- **DIRECTIONS**: Here are records with pictures in them. Copy all of them exactly and leave the pictures out.

- **Records from a collection**:

####################

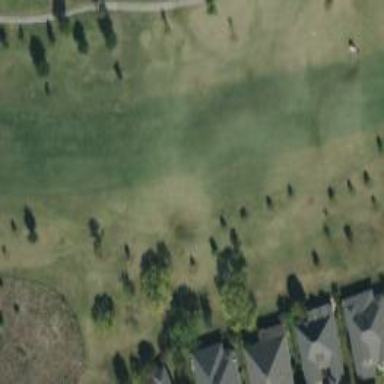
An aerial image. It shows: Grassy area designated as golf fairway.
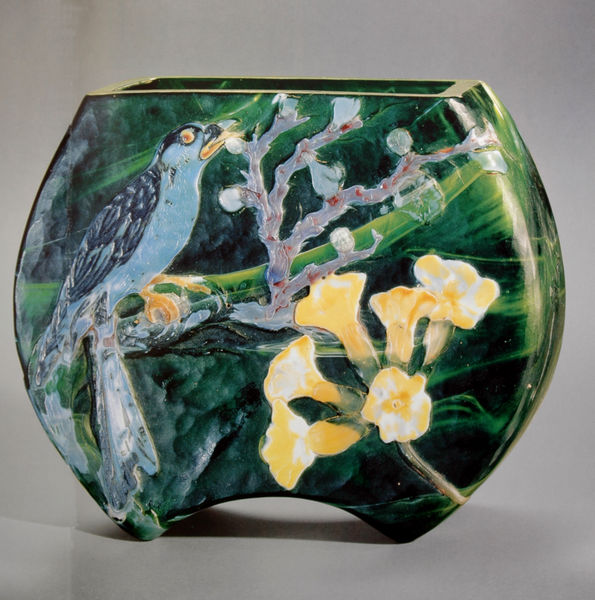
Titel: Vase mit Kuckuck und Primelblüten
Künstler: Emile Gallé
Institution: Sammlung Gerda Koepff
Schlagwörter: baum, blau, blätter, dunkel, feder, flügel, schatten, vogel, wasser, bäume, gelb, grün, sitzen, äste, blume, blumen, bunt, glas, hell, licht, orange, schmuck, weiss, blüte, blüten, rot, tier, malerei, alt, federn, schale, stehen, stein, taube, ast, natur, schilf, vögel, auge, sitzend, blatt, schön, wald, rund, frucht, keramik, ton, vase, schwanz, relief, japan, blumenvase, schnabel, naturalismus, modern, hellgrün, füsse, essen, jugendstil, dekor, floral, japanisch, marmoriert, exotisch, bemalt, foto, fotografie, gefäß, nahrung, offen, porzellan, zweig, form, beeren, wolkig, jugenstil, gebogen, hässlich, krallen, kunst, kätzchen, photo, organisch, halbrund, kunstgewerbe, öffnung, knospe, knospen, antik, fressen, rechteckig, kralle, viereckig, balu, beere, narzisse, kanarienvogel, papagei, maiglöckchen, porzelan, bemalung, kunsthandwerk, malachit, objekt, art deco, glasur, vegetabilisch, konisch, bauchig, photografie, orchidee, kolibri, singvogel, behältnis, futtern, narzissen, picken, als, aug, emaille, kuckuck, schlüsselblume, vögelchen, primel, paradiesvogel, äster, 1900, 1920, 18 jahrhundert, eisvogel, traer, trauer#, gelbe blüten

####################

- **OUTPUT OF THE EXERCISE**:
An aerial image. It shows: Grassy area designated as golf fairway.
Titel: Vase mit Kuckuck und Primelblüten
Künstler: Emile Gallé
Institution: Sammlung Gerda Koepff
Schlagwörter: baum, blau, blätter, dunkel, feder, flügel, schatten, vogel, wasser, bäume, gelb, grün, sitzen, äste, blume, blumen, bunt, glas, hell, licht, orange, schmuck, weiss, blüte, blüten, rot, tier, malerei, alt, federn, schale, stehen, stein, taube, ast, natur, schilf, vögel, auge, sitzend, blatt, schön, wald, rund, frucht, keramik, ton, vase, schwanz, relief, japan, blumenvase, schnabel, naturalismus, modern, hellgrün, füsse, essen, jugendstil, dekor, floral, japanisch, marmoriert, exotisch, bemalt, foto, fotografie, gefäß, nahrung, offen, porzellan, zweig, form, beeren, wolkig, jugenstil, gebogen, hässlich, krallen, kunst, kätzchen, photo, organisch, halbrund, kunstgewerbe, öffnung, knospe, knospen, antik, fressen, rechteckig, kralle, viereckig, balu, beere, narzisse, kanarienvogel, papagei, maiglöckchen, porzelan, bemalung, kunsthandwerk, malachit, objekt, art deco, glasur, vegetabilisch, konisch, bauchig, photografie, orchidee, kolibri, singvogel, behältnis, futtern, narzissen, picken, als, aug, emaille, kuckuck, schlüsselblume, vögelchen, primel, paradiesvogel, äster, 1900, 1920, 18 jahrhundert, eisvogel, traer, trauer#, gelbe blüten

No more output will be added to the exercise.